● **WORK TO COMPLETE**
Return exactly the lines of the records below, starting at the line that contains "Highlight the chapel" and ending at the line that contains "Fit a 3-D box", with both of those lines kept.

● **MATERIAL SHOWN**
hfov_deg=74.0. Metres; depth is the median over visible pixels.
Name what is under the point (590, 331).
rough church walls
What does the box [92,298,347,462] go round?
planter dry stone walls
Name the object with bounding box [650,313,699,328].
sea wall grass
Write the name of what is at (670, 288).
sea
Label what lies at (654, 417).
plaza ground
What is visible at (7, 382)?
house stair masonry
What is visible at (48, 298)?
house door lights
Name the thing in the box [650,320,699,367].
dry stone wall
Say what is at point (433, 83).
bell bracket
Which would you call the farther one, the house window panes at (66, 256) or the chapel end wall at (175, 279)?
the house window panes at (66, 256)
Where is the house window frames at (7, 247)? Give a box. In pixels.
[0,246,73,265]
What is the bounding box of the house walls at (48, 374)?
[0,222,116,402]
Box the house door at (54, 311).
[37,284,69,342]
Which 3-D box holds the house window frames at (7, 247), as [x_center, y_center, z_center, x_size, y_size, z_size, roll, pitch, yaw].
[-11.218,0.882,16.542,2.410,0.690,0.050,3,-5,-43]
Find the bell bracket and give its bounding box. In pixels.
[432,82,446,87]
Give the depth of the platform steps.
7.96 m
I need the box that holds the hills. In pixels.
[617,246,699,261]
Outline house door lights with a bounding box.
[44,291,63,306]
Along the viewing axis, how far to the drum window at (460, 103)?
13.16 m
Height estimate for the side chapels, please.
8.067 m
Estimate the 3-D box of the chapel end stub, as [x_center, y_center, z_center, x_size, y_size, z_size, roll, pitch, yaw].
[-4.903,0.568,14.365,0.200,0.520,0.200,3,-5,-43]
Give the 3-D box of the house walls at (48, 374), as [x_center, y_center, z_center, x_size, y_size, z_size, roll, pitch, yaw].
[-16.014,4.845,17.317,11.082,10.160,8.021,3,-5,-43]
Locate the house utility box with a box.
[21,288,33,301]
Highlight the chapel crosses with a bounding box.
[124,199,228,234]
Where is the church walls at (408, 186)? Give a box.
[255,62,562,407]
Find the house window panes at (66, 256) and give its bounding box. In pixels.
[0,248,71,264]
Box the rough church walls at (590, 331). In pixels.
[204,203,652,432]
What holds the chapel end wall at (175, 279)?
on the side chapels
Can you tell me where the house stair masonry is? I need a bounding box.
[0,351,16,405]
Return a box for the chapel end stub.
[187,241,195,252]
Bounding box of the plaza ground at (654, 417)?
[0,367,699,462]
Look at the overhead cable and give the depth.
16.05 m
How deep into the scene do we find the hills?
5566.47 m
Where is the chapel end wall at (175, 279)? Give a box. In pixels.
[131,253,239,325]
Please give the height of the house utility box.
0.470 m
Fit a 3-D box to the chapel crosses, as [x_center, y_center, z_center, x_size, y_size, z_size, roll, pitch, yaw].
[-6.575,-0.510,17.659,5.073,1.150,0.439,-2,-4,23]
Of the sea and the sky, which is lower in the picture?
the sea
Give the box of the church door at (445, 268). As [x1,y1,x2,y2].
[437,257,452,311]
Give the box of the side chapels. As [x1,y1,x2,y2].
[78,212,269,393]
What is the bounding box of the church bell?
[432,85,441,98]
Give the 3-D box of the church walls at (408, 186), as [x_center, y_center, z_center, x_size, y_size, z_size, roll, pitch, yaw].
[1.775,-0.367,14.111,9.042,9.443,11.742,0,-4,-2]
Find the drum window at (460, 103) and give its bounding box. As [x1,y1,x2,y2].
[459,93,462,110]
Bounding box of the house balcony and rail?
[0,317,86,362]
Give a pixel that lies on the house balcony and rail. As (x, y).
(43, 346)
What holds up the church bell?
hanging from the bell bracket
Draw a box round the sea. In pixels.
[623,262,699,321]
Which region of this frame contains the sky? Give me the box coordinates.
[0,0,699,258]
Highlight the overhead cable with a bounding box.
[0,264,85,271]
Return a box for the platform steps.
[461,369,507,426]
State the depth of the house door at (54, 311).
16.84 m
--
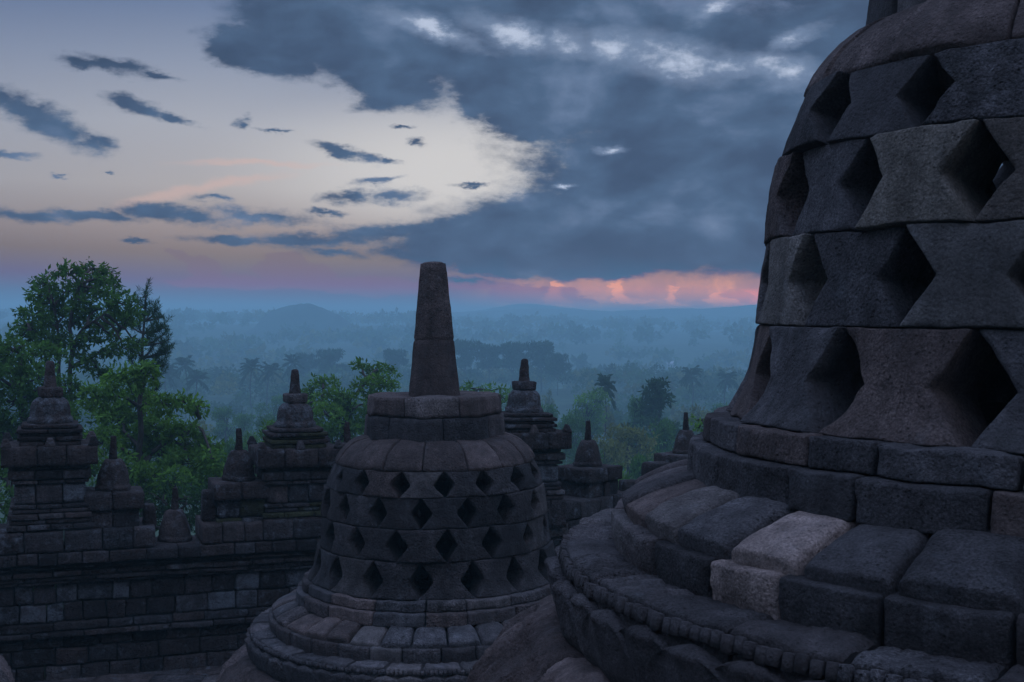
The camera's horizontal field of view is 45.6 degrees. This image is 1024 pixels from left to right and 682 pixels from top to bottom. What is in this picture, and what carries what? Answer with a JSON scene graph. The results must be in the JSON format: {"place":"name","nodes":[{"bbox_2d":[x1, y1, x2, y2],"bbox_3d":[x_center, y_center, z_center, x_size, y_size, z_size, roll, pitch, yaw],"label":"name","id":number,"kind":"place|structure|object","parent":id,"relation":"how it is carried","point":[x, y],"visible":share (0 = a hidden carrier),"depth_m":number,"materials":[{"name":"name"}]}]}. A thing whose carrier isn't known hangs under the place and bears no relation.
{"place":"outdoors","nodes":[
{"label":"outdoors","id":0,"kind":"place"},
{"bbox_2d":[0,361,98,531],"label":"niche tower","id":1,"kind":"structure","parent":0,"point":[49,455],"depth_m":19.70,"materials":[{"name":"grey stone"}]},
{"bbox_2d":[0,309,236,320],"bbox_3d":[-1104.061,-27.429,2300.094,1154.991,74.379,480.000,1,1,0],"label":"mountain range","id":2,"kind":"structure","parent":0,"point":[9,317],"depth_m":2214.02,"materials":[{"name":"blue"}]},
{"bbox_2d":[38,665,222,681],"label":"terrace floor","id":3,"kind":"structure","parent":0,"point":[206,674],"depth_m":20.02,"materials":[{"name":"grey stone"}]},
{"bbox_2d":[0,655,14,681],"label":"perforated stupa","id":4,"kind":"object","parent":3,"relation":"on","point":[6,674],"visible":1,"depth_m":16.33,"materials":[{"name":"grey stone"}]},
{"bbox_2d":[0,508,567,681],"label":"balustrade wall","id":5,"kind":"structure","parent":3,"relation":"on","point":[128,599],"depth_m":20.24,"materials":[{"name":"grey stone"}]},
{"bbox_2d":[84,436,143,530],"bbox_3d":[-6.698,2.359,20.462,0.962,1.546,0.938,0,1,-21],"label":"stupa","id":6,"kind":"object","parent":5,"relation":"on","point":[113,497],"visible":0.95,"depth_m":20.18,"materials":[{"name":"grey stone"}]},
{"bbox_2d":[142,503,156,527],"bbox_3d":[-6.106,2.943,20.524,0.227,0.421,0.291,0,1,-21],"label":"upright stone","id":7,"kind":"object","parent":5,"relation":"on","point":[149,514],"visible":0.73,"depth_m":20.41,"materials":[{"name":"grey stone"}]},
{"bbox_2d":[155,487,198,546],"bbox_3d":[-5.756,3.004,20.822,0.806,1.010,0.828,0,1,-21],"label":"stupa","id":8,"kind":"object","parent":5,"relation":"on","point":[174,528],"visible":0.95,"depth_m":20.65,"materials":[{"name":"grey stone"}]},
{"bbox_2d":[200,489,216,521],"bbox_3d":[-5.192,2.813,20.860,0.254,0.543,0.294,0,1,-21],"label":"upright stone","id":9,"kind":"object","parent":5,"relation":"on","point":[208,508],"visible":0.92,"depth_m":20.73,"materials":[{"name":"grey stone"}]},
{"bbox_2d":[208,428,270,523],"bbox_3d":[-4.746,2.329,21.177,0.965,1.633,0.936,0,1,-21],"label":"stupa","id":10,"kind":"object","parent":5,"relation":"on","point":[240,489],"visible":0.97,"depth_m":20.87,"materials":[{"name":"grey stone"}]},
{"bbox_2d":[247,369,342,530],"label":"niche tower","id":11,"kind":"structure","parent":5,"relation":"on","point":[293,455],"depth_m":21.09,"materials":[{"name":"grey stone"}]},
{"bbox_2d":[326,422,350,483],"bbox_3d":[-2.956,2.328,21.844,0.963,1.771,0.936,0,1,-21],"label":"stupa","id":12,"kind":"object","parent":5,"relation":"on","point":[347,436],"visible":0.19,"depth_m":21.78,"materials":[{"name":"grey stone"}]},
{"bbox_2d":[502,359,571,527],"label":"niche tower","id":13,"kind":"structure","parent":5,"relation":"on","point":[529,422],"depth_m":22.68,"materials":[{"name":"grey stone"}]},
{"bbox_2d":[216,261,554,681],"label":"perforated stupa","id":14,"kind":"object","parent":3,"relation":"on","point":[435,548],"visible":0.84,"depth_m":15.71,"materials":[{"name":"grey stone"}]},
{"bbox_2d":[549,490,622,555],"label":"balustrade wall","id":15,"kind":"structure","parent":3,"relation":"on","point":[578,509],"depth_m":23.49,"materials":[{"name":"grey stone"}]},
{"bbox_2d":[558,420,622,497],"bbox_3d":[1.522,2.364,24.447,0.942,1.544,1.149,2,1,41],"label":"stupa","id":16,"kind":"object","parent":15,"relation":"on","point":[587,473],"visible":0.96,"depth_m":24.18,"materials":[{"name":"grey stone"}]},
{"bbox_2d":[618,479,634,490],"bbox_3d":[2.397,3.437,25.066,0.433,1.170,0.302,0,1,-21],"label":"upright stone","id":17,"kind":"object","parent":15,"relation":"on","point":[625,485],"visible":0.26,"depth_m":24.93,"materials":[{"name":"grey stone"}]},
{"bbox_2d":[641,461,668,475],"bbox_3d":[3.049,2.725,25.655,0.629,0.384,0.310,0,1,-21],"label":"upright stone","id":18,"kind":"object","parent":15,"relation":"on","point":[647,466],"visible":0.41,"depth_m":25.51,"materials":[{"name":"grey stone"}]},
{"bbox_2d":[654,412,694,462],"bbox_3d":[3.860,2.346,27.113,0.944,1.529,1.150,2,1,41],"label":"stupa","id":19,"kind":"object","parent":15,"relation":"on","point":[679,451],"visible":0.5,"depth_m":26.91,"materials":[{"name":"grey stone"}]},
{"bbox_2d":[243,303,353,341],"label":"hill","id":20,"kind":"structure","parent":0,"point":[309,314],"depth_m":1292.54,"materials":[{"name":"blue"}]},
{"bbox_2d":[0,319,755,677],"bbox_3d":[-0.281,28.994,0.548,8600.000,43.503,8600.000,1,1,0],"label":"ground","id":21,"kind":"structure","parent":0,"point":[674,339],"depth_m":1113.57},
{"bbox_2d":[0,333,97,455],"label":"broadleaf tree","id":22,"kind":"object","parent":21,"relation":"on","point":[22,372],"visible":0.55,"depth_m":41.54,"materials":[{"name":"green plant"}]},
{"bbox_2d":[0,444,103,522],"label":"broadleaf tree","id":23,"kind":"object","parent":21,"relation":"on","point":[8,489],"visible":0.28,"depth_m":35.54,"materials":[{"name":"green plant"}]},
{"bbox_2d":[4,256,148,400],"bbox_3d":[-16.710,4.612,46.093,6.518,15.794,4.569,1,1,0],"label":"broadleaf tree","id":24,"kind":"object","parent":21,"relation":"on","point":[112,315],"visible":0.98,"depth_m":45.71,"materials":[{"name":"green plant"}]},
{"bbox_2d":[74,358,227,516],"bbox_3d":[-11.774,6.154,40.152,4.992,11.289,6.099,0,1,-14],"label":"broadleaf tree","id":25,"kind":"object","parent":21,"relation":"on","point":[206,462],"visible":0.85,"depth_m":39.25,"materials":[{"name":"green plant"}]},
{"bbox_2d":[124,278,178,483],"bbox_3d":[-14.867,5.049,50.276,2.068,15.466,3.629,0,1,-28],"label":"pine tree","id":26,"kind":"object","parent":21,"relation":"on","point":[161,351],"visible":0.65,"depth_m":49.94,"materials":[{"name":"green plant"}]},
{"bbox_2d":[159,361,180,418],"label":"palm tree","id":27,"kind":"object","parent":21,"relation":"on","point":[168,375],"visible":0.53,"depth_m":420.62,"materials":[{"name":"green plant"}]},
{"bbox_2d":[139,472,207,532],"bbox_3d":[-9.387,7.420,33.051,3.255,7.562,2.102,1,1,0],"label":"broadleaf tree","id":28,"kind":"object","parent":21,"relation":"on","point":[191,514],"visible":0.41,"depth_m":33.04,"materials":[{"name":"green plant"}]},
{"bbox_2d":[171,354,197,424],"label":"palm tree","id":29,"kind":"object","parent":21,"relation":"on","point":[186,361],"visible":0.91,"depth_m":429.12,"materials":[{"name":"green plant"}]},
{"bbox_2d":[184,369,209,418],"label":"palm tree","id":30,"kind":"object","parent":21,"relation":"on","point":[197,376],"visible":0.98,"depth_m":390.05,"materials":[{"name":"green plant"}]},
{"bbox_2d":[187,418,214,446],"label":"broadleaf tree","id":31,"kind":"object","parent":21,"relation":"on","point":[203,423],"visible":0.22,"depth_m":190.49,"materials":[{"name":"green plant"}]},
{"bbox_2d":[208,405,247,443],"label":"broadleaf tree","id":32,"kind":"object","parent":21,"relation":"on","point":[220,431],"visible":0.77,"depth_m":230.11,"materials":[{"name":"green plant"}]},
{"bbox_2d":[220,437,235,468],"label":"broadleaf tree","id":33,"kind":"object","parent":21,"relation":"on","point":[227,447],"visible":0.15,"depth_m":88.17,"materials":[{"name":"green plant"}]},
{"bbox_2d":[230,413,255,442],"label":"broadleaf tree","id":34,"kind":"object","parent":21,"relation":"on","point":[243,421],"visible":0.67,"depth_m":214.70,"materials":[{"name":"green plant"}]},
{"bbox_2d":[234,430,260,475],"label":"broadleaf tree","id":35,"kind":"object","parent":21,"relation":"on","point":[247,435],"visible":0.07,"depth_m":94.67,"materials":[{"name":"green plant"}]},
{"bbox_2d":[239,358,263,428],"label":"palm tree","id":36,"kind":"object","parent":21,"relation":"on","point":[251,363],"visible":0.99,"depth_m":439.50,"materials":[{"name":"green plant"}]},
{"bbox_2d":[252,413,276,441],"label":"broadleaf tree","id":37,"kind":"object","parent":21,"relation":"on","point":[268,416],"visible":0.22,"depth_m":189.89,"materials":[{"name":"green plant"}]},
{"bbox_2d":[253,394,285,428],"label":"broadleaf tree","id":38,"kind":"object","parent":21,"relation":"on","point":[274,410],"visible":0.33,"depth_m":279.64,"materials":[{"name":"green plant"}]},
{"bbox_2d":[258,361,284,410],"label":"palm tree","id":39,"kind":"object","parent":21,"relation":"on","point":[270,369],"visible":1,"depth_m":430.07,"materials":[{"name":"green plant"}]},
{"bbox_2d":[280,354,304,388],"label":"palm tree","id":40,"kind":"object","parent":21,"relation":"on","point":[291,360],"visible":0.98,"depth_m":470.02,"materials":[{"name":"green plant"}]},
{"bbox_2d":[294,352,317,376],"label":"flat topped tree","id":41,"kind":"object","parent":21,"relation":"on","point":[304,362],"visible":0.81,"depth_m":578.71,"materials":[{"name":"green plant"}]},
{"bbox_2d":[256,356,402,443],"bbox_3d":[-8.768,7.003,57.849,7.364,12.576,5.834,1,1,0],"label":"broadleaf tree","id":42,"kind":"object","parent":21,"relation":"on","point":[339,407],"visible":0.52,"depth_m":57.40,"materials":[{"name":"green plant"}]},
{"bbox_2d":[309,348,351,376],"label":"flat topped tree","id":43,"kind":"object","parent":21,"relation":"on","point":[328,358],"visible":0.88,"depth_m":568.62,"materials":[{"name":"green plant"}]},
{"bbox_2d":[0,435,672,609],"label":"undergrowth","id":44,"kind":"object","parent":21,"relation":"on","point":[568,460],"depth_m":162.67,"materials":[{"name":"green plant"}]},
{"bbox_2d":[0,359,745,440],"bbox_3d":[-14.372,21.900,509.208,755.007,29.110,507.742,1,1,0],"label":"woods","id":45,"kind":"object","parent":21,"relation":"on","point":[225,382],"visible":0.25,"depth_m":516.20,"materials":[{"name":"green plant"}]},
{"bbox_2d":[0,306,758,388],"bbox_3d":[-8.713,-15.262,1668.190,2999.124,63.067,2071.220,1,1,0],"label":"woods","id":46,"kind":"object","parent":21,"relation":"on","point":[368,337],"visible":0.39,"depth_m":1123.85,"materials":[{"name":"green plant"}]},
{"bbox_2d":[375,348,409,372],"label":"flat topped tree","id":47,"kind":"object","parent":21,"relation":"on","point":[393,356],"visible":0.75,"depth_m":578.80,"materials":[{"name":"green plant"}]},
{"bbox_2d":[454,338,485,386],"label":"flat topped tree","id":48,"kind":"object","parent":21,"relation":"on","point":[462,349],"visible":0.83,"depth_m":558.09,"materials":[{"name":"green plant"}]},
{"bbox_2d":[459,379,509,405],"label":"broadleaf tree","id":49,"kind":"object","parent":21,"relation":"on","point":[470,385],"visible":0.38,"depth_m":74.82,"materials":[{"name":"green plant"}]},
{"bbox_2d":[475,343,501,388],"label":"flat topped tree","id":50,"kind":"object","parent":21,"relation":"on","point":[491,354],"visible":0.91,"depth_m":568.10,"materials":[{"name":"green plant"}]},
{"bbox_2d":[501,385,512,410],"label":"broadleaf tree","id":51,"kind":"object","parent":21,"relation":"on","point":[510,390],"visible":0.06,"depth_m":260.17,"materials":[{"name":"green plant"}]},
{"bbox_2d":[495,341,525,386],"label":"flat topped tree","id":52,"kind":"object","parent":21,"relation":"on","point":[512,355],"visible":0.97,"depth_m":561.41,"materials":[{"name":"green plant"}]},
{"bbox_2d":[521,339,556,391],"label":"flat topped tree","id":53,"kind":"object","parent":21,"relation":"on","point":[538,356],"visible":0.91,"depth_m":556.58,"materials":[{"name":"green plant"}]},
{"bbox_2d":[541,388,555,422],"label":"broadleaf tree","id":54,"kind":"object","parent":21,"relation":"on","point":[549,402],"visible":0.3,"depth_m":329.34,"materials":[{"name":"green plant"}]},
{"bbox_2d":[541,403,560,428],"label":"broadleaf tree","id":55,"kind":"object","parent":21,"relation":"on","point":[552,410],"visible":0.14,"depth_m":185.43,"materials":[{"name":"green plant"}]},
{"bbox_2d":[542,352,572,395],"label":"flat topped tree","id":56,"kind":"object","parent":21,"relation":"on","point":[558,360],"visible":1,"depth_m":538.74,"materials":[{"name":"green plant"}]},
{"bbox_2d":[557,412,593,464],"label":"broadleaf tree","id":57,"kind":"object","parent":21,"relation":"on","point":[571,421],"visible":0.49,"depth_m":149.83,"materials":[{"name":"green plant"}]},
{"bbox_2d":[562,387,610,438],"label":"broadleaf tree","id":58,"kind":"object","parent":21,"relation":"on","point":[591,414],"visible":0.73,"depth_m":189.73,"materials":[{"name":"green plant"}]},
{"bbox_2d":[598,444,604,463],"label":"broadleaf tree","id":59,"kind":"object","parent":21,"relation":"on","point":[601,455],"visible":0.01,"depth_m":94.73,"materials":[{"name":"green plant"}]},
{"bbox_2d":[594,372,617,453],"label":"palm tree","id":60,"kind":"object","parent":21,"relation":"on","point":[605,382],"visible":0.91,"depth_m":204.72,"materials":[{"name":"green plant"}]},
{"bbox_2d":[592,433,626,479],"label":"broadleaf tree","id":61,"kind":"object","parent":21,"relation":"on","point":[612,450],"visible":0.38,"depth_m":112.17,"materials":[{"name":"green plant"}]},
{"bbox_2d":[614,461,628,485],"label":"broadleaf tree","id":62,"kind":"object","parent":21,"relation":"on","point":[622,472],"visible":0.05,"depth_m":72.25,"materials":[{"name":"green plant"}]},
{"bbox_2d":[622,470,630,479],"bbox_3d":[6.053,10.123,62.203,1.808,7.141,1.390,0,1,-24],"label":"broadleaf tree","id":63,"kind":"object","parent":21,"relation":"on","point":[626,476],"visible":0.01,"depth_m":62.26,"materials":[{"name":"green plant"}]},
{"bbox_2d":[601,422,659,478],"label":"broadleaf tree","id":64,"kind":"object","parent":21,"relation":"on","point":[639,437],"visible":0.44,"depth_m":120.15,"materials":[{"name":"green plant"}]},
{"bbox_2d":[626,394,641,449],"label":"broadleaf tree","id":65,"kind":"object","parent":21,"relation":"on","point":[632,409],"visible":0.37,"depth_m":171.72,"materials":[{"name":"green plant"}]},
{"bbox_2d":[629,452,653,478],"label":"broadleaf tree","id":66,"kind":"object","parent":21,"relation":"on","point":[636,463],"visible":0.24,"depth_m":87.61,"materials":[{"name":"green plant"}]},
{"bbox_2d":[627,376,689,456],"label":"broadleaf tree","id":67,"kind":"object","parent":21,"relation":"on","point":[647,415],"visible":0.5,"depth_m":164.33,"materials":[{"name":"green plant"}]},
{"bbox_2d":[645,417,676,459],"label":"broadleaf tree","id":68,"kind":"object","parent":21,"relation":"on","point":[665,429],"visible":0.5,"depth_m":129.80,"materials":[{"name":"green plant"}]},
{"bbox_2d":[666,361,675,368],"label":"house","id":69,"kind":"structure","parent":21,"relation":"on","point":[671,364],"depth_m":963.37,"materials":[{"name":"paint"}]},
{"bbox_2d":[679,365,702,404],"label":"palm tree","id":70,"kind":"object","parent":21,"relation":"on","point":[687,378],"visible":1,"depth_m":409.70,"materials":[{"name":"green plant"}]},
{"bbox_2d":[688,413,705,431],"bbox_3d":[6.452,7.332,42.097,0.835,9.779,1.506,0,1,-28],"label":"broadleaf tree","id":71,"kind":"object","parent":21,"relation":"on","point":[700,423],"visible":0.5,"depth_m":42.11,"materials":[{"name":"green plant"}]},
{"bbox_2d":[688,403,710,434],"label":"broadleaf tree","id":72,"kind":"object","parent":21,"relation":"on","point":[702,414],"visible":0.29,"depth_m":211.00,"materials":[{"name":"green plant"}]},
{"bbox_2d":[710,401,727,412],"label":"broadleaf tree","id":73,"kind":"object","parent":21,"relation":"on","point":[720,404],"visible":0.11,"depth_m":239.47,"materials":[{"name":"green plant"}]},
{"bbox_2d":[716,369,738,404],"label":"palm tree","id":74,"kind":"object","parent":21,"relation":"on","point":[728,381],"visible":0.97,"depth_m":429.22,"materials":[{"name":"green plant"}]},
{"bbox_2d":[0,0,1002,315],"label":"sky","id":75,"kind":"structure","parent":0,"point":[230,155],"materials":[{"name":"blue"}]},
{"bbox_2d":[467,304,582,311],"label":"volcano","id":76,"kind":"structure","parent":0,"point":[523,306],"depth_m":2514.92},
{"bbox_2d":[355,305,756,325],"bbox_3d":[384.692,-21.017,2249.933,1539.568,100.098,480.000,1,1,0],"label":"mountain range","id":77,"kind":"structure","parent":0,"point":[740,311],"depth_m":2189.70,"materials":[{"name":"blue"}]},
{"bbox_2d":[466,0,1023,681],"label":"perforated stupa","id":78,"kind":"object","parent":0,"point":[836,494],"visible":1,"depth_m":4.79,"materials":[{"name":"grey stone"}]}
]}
==
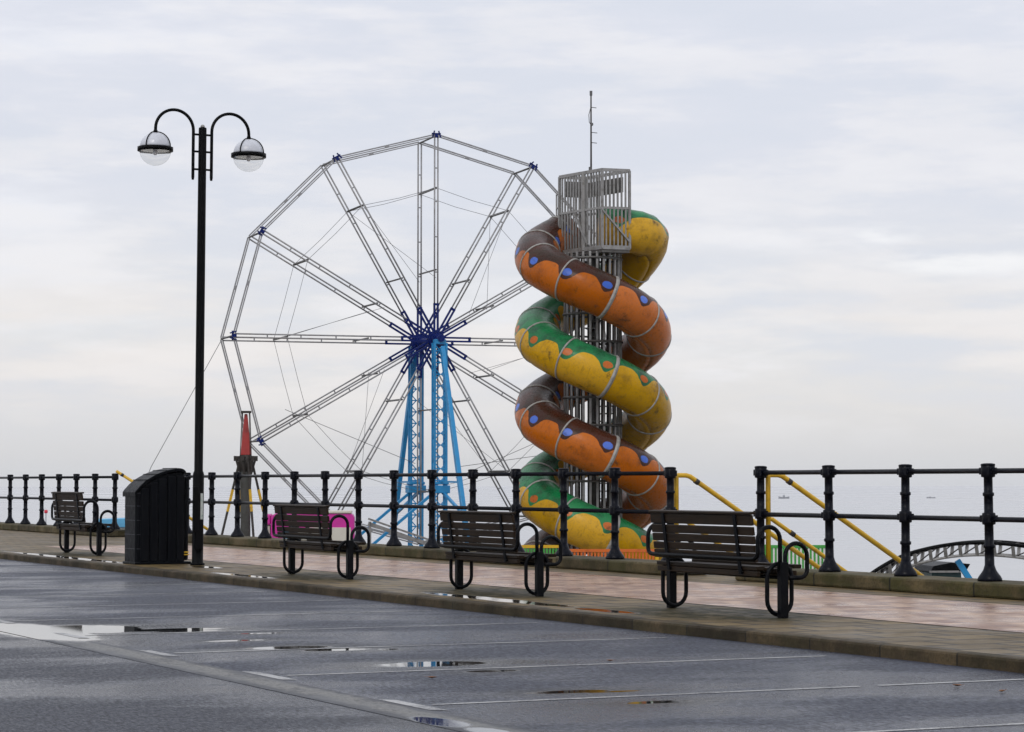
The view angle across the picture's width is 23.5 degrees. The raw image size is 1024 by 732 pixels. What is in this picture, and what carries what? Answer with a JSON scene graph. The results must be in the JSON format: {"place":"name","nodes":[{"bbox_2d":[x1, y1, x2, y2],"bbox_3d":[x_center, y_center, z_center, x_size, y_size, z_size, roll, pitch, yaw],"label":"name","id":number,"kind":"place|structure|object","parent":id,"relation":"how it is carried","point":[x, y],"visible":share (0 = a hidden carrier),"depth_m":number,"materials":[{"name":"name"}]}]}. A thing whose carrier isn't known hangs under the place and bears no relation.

● **RESULT BELOW**
Highlight the chapel crosses with a bounding box.
[124,199,228,234]
Where is the church walls at (408, 186)? Give a box.
[255,62,562,407]
Find the house window panes at (66, 256) and give its bounding box. In pixels.
[0,248,71,264]
Box the rough church walls at (590, 331). In pixels.
[204,203,652,432]
What holds the chapel end wall at (175, 279)?
on the side chapels
Can you tell me where the house stair masonry is? I need a bounding box.
[0,351,16,405]
Return a box for the chapel end stub.
[187,241,195,252]
Bounding box of the plaza ground at (654, 417)?
[0,367,699,462]
Look at the overhead cable and give the depth.
16.05 m
How deep into the scene do we find the hills?
5566.47 m
Where is the chapel end wall at (175, 279)? Give a box. In pixels.
[131,253,239,325]
Please give the height of the house utility box.
0.470 m
Fit a 3-D box to the chapel crosses, as [x_center, y_center, z_center, x_size, y_size, z_size, roll, pitch, yaw].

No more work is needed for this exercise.